CLC care is structured based on the Holistic Approach to Transformational Change (HATCh) model. The model consists of six interrelated domains that result in personal, community, organizational, and systemwide changes necessary for the transition from institutional to individual care.

Three domains overlap in the areas of work practice, care practice, and environmental care with the Veteran resident being at the center. Surrounding these domains are leadership, community, and regulations (standards and laws). For example, rather than formal nursing stations, the model encourages facilities to be creative in designing their facility layout to allow for a home-like environment for the Veteran resident and working staff (VA, 2016a). In most traditional institutional care models, residents follow the facility’s structured program (VA, 2016b). With this cultural transformation, the HATCh model allows for mealtime flexibility and accessibility to snacks and beverages throughout the day.
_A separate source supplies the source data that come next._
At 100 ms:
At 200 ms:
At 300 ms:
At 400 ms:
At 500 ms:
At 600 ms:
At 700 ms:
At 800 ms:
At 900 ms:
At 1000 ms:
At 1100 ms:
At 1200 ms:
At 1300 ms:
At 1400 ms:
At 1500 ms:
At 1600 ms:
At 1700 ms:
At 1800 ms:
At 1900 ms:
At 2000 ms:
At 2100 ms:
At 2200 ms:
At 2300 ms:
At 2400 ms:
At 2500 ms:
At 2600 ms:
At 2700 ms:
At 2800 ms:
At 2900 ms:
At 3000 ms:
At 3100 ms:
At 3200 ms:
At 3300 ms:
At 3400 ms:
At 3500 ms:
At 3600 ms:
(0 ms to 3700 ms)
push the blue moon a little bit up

Recreational activities, rehabilitation therapy, activities of daily living, and sleep schedules are centered around the Veteran’s preferences (Gourley, 2018). Emphasis is placed on assuring Veterans and their families have a voice in their care to facilitate quality of life.
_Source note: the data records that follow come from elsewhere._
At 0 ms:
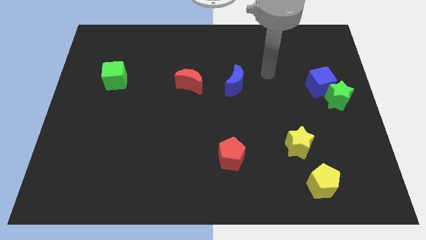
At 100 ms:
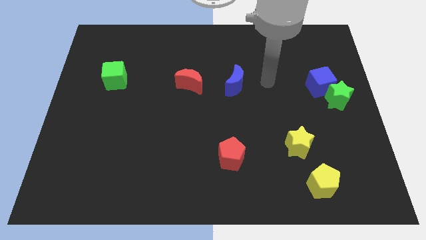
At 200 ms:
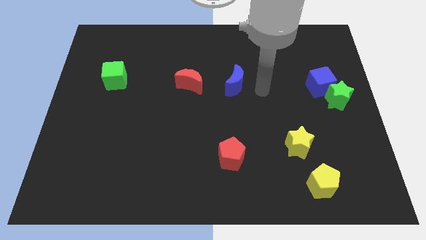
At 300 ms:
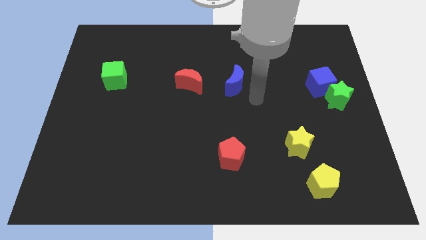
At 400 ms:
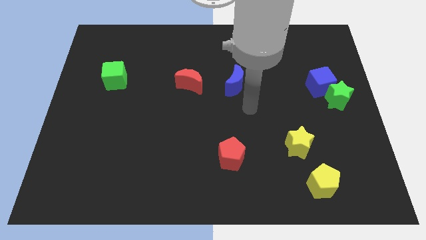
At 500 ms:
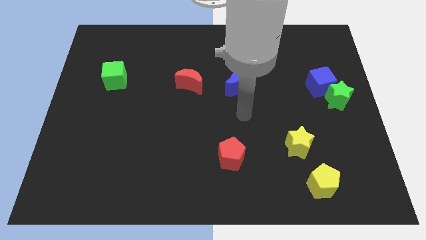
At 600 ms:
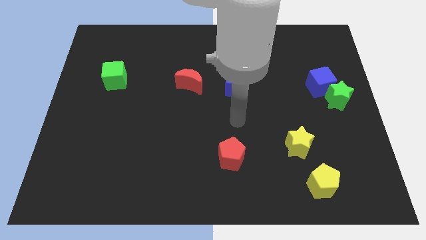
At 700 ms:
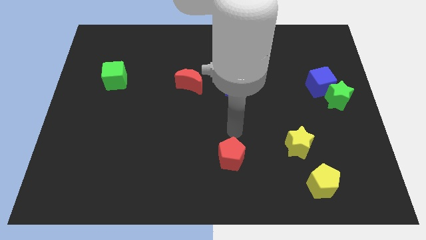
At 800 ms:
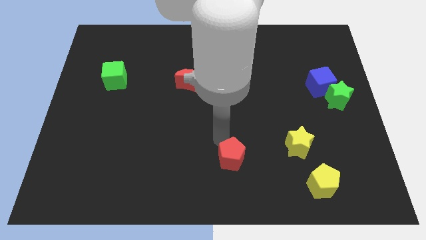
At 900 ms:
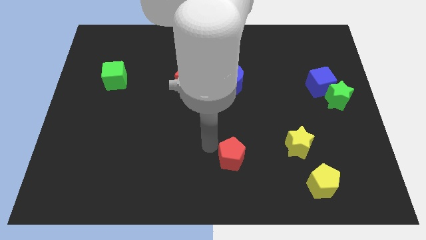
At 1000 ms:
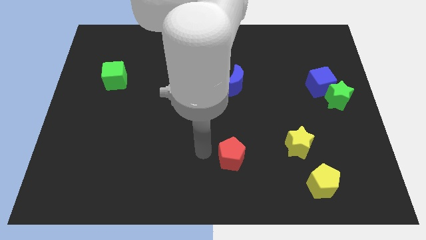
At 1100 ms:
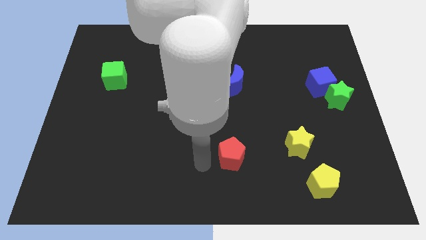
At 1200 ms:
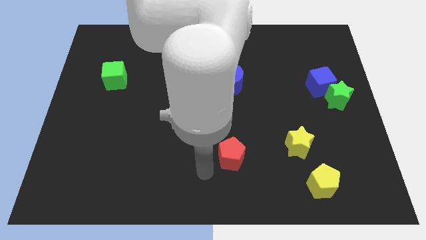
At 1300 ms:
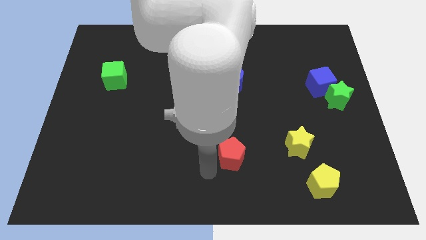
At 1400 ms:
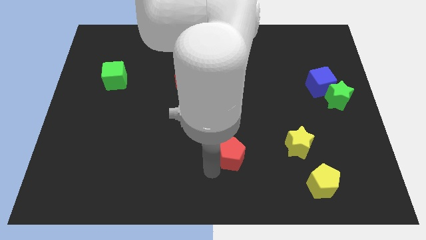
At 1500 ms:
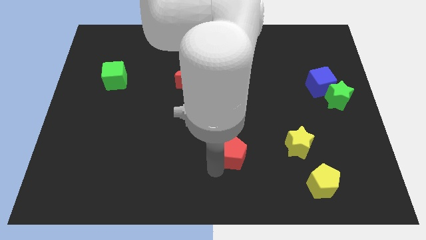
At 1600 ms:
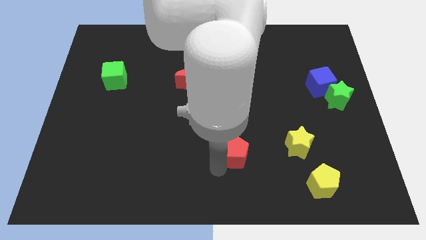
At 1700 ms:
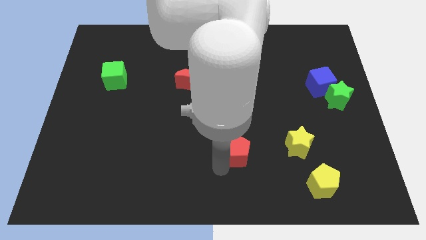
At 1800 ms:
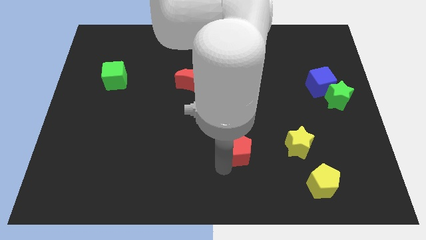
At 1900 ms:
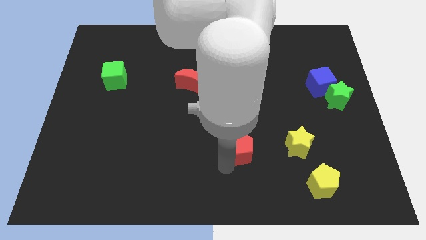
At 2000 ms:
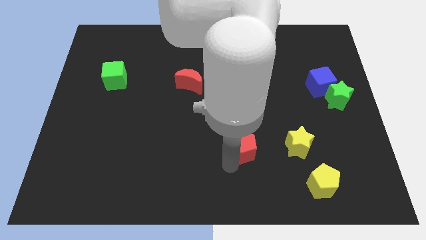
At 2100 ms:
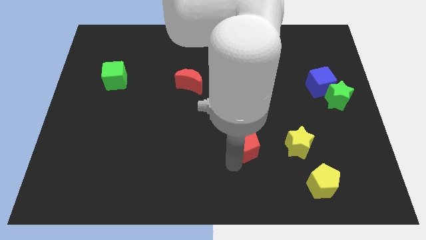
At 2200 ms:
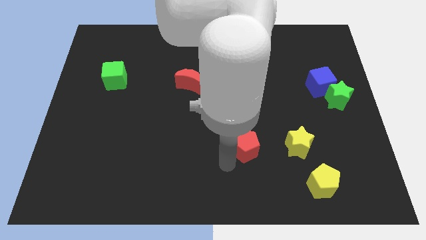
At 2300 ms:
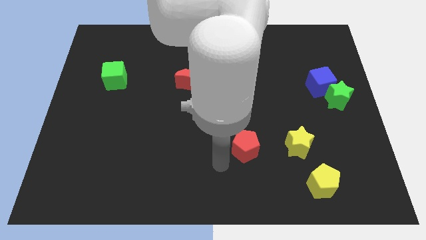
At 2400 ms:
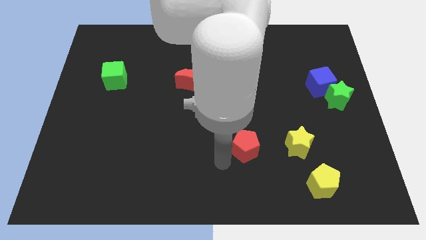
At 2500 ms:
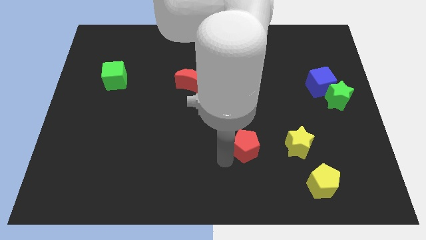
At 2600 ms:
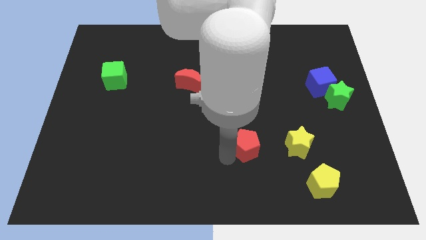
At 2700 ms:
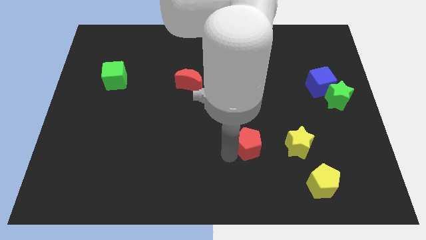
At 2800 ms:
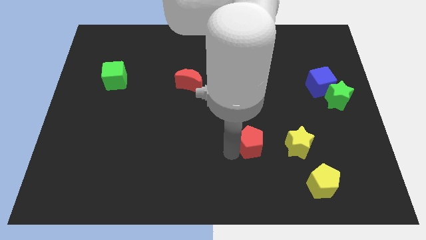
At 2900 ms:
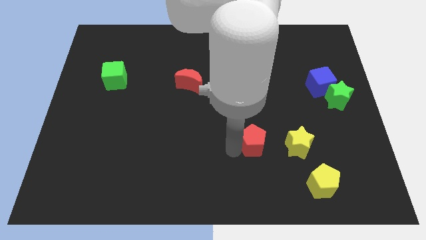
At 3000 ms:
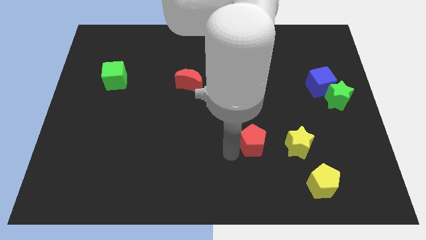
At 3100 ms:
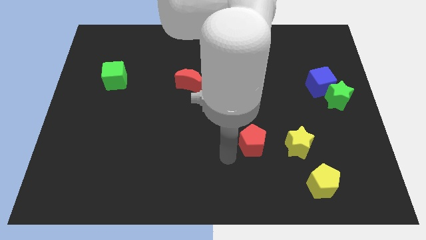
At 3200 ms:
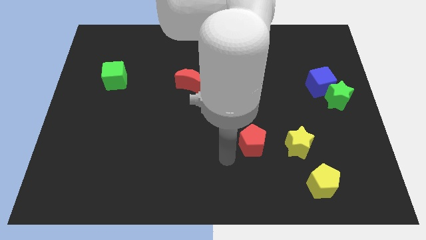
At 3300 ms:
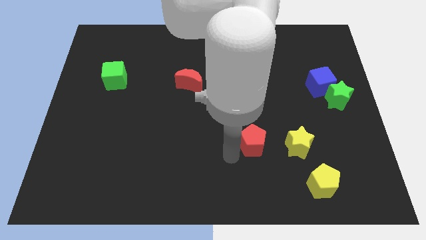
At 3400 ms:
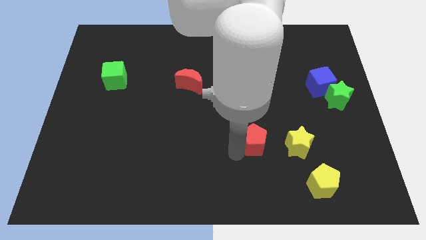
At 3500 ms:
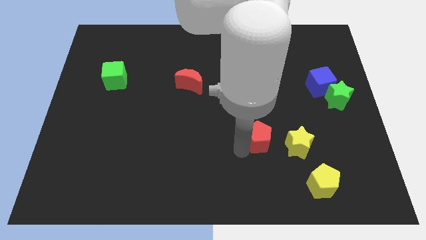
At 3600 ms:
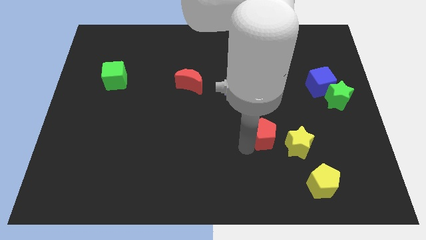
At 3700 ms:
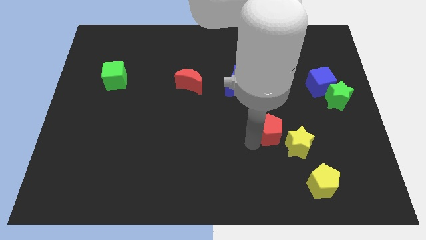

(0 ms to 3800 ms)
slide the red pentagon to the right a little

Eligibility in VHA CLCs is based on clinical need and setting availability. The VHA provides CLC care depending upon eligibility criteria involving service-connected disability status, level of actual disability, and income. Veterans must have a 70% service-connected disability, or a 60% service-connected disability and be unemployable.
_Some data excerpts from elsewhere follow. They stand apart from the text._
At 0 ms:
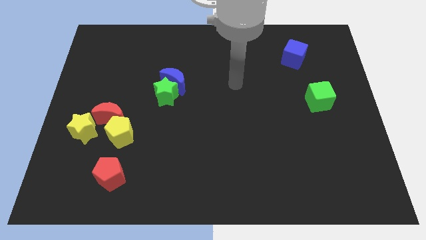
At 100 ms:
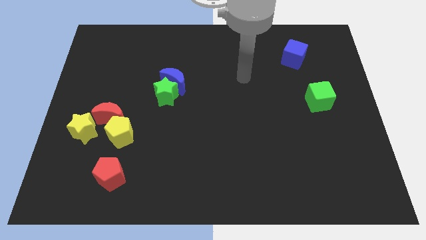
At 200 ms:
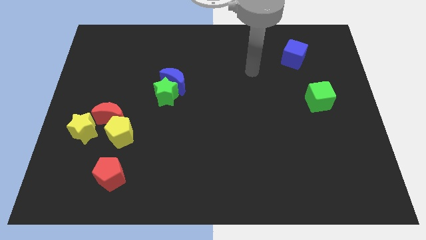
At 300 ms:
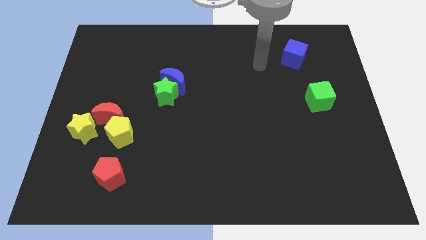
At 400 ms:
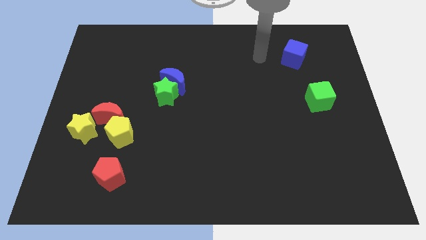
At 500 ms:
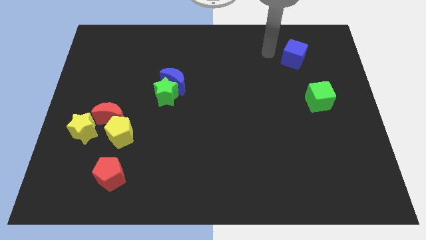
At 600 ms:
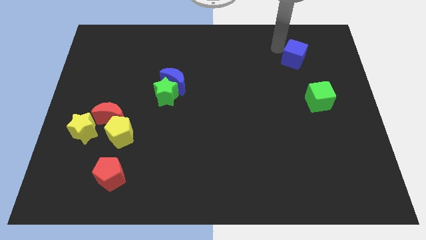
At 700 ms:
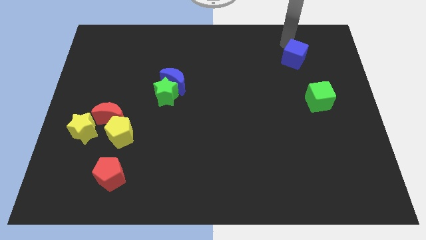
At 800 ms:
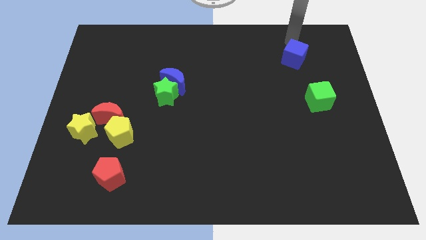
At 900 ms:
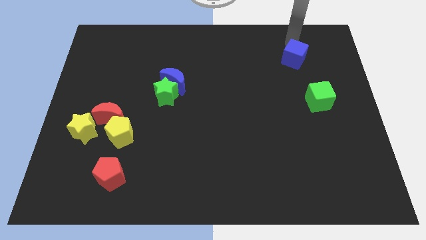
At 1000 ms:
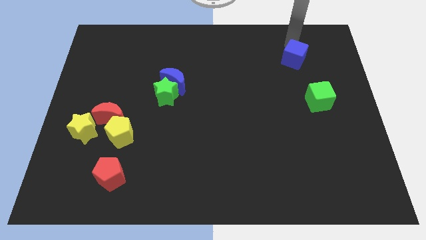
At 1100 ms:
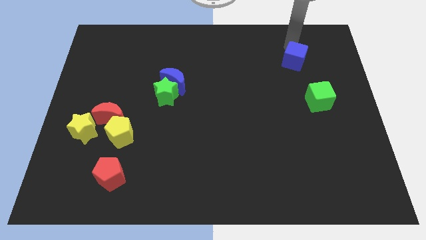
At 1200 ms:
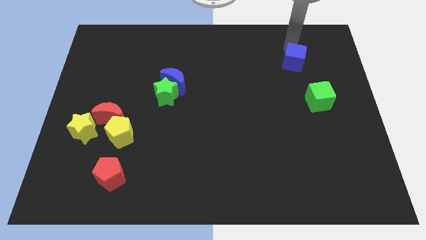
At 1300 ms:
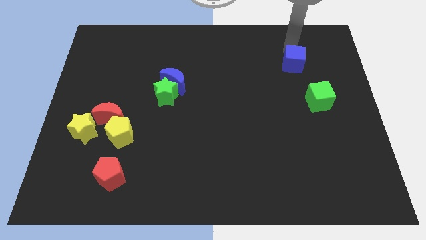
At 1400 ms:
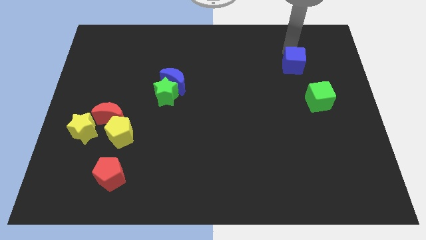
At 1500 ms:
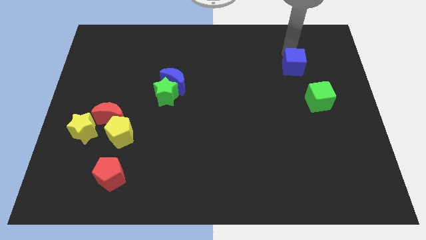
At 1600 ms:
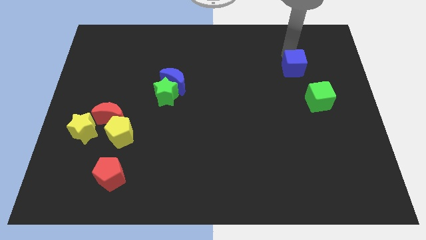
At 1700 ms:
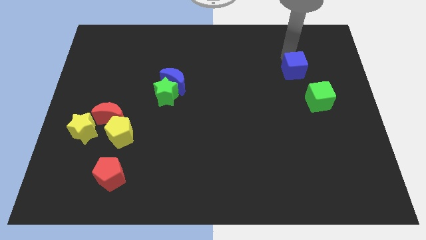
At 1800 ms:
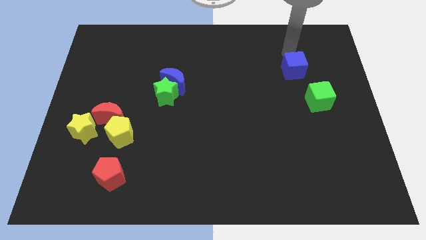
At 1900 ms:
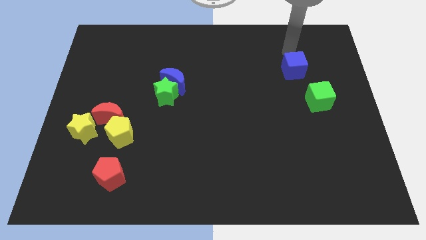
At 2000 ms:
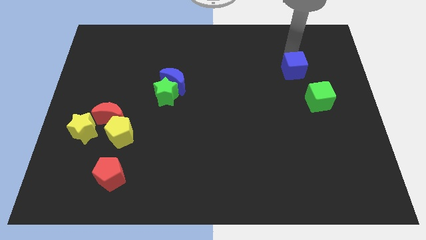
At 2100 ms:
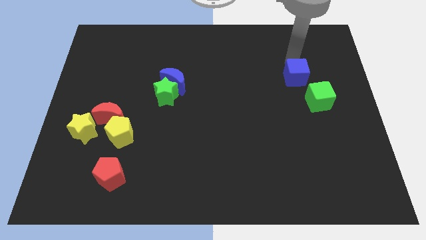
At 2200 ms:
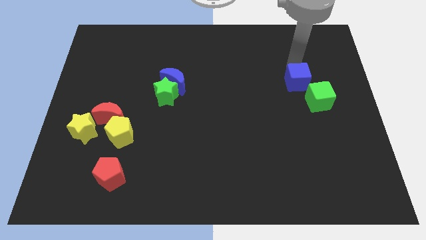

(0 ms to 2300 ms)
slide the blue cube down a little bit

Veterans may also be eligible for short-stay rehabilitation services (<90 days) if they require such care for a service-connected condition. Veterans not meeting any of the criteria may be admitted based upon available resources allocated to the facility.

Veterans and their families are encouraged to consult with VHA, social workers, and case managers who may assist the individual or provider in determining possible eligibility for services in VHA CLC. To find a VA location or ask a question, call MyVA311; 844-698-2311.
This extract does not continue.